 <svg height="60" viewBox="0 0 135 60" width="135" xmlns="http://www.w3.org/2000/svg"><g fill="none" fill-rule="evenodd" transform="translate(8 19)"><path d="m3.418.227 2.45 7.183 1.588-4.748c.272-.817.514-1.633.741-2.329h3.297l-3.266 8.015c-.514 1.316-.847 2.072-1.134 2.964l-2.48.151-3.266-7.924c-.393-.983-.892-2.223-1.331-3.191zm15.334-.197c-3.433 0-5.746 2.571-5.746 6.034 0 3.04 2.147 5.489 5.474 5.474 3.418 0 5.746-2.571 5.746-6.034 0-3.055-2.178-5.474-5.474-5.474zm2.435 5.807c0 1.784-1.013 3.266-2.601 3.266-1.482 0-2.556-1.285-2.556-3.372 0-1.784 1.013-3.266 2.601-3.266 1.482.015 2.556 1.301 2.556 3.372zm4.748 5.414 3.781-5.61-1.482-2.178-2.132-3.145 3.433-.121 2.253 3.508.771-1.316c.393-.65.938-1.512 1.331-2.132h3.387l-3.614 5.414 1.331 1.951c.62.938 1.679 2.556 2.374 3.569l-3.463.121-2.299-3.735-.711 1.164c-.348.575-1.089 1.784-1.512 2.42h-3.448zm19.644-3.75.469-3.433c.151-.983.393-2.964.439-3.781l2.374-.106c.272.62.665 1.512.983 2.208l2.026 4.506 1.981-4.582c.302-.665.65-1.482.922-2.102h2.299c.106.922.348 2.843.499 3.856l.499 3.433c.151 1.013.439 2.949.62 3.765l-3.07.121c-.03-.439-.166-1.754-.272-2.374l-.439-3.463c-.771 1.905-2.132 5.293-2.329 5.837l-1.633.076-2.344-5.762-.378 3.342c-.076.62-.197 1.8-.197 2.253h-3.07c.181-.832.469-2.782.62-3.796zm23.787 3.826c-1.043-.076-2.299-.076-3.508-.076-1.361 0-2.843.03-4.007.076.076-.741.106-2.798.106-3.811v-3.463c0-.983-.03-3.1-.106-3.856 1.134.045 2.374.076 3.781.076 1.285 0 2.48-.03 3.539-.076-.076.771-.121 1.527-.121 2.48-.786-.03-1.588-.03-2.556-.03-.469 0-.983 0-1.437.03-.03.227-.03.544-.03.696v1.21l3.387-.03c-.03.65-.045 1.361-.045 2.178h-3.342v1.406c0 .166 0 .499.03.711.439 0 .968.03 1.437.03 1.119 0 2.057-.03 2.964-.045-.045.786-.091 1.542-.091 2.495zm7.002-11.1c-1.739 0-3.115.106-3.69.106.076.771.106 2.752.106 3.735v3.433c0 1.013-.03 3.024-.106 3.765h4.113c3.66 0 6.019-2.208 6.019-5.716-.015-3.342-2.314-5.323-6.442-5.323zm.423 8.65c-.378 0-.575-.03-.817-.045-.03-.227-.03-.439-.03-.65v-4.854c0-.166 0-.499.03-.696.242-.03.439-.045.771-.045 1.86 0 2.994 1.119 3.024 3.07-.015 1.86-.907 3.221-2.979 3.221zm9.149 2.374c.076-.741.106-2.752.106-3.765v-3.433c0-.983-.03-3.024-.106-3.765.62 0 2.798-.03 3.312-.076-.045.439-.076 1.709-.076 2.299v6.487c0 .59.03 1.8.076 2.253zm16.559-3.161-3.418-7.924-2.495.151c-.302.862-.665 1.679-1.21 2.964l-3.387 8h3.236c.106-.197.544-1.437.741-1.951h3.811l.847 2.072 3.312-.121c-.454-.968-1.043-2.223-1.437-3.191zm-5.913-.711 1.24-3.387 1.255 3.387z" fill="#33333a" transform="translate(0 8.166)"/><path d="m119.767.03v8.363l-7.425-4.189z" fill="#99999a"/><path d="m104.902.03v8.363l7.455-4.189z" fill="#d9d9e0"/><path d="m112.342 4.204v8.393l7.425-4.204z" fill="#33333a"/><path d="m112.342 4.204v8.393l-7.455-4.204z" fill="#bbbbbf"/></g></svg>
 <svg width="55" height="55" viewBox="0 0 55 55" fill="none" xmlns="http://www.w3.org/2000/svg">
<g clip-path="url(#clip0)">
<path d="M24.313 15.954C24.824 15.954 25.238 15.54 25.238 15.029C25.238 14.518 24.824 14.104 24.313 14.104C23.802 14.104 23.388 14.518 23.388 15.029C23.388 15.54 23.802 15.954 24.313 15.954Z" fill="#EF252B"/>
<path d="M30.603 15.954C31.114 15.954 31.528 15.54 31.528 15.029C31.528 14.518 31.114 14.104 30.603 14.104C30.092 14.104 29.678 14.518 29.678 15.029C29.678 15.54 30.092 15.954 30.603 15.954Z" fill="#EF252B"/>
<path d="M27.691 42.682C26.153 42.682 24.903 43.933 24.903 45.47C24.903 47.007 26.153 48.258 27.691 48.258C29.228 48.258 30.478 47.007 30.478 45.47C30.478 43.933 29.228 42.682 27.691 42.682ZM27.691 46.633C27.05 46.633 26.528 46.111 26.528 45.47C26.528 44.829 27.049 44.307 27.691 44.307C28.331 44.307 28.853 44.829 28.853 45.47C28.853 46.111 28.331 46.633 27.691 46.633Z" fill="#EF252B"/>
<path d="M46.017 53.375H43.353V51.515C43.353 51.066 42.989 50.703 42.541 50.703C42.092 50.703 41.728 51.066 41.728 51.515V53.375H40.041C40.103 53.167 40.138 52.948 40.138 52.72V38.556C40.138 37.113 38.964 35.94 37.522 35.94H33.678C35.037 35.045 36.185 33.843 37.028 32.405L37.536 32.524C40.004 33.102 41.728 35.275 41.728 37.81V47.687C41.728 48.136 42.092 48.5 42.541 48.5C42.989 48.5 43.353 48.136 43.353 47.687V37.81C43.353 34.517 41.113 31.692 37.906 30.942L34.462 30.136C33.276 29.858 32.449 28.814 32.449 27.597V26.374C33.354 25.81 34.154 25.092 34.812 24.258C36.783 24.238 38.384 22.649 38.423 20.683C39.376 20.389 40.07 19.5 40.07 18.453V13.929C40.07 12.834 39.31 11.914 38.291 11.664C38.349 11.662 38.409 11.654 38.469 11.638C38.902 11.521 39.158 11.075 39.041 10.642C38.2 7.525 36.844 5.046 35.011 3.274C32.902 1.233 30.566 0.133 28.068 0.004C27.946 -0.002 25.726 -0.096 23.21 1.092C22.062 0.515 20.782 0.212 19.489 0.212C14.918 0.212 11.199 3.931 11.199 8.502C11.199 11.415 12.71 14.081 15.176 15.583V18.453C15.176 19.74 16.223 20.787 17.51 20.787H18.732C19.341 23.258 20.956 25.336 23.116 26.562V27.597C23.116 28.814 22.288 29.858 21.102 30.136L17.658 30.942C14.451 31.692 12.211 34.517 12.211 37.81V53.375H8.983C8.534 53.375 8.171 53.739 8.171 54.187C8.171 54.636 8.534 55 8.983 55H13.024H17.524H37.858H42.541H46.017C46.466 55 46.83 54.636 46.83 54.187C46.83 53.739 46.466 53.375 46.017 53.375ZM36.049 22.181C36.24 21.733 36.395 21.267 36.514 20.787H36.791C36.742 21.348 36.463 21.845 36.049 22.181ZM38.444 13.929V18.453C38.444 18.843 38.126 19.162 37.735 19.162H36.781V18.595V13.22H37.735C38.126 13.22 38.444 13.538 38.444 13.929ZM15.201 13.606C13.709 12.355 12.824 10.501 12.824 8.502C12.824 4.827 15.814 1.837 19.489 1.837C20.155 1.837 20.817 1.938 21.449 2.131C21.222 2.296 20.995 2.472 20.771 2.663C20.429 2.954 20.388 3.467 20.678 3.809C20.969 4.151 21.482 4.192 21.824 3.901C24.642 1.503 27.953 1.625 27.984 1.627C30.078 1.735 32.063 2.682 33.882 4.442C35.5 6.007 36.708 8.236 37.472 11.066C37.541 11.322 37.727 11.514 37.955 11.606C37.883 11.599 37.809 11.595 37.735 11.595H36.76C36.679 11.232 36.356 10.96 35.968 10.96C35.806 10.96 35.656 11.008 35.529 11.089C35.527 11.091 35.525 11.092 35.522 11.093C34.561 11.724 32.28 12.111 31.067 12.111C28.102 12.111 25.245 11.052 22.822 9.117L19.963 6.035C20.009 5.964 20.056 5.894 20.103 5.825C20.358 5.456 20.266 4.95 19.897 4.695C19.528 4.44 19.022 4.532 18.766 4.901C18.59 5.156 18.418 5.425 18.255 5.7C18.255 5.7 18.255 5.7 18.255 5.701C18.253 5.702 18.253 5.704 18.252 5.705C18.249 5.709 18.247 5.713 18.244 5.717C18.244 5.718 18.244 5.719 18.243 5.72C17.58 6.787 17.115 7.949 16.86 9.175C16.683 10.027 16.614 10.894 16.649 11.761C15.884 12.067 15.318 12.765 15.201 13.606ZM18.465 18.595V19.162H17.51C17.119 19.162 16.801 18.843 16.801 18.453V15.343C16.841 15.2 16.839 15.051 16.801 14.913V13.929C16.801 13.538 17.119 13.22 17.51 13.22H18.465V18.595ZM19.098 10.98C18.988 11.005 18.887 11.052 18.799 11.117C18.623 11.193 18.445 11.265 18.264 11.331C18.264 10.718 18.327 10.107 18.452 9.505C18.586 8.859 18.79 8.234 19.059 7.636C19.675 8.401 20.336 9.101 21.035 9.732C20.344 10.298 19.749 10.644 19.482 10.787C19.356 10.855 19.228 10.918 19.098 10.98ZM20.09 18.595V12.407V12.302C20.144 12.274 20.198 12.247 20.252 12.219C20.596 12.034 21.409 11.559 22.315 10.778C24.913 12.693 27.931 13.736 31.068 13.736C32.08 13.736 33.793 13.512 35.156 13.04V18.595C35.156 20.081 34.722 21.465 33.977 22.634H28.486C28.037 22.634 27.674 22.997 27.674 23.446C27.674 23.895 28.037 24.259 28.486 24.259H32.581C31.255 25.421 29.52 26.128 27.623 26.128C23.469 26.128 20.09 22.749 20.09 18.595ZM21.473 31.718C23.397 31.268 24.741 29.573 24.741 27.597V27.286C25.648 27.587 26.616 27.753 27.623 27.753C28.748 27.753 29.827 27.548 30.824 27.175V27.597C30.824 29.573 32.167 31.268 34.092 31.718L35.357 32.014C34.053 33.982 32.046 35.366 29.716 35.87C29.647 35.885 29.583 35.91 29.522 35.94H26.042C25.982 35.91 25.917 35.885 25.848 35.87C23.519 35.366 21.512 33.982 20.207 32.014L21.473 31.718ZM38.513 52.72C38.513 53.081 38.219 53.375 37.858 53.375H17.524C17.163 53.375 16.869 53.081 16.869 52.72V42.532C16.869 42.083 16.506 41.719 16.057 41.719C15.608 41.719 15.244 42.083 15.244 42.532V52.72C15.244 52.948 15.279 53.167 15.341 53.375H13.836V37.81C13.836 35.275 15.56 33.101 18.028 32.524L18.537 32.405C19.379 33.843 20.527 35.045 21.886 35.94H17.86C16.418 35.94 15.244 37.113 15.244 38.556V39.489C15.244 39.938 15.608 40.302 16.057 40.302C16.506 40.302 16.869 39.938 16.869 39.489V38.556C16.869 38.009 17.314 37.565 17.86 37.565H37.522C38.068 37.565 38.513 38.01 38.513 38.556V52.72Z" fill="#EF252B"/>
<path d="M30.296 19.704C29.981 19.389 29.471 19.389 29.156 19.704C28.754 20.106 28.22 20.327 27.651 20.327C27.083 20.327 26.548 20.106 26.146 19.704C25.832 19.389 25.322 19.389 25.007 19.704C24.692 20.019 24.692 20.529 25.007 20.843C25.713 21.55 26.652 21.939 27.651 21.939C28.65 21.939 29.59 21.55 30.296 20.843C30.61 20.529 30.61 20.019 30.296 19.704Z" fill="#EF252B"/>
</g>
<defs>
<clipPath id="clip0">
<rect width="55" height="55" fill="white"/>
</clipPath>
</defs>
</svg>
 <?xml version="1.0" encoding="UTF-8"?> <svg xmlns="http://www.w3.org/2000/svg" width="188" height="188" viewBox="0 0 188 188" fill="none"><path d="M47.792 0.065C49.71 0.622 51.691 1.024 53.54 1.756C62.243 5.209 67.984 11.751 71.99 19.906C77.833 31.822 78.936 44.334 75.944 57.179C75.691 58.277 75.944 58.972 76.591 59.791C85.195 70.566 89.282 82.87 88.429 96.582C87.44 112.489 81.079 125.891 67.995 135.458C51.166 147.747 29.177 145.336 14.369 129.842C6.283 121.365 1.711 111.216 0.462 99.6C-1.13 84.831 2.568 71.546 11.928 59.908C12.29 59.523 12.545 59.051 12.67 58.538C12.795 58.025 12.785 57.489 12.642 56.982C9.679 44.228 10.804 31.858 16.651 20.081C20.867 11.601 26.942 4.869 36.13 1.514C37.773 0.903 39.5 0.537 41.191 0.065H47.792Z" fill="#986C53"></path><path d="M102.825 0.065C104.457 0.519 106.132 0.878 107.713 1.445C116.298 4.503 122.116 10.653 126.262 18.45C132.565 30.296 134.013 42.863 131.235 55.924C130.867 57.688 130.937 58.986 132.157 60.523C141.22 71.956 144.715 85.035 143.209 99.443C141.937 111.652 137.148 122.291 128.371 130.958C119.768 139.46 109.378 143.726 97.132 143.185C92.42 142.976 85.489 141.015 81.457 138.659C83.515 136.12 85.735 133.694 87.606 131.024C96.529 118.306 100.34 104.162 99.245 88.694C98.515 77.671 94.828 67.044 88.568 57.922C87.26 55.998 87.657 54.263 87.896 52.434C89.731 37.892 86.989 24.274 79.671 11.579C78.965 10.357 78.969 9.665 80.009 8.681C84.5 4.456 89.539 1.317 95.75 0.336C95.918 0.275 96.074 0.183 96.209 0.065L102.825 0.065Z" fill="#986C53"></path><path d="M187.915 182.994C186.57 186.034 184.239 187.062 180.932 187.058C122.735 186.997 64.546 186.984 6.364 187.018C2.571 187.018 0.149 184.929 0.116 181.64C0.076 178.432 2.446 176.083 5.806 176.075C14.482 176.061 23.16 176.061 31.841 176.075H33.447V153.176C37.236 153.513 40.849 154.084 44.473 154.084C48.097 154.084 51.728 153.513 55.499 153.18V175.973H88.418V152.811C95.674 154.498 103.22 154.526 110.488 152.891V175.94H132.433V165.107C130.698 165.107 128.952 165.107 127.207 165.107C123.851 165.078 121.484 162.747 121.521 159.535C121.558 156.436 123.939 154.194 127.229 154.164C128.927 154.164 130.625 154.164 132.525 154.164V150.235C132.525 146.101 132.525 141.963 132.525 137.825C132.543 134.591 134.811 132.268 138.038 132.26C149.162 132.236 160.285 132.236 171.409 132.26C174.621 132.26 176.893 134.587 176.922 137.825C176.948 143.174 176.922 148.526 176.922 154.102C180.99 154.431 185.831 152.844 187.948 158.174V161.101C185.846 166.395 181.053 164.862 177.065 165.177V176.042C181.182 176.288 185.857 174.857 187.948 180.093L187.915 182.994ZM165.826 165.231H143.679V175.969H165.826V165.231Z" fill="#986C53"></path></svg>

## INSTRUCTIONS FOR THE TASK
In the listing above, find the line holding "15.954C24.824 15.954 25.238" and the line holding "42.682C26.153 42.682 24.903", then output those two lines and every line between them exactly.

## ANSWER SECTION
<path d="M24.313 15.954C24.824 15.954 25.238 15.54 25.238 15.029C25.238 14.518 24.824 14.104 24.313 14.104C23.802 14.104 23.388 14.518 23.388 15.029C23.388 15.54 23.802 15.954 24.313 15.954Z" fill="#EF252B"/>
<path d="M30.603 15.954C31.114 15.954 31.528 15.54 31.528 15.029C31.528 14.518 31.114 14.104 30.603 14.104C30.092 14.104 29.678 14.518 29.678 15.029C29.678 15.54 30.092 15.954 30.603 15.954Z" fill="#EF252B"/>
<path d="M27.691 42.682C26.153 42.682 24.903 43.933 24.903 45.47C24.903 47.007 26.153 48.258 27.691 48.258C29.228 48.258 30.478 47.007 30.478 45.47C30.478 43.933 29.228 42.682 27.691 42.682ZM27.691 46.633C27.05 46.633 26.528 46.111 26.528 45.47C26.528 44.829 27.049 44.307 27.691 44.307C28.331 44.307 28.853 44.829 28.853 45.47C28.853 46.111 28.331 46.633 27.691 46.633Z" fill="#EF252B"/>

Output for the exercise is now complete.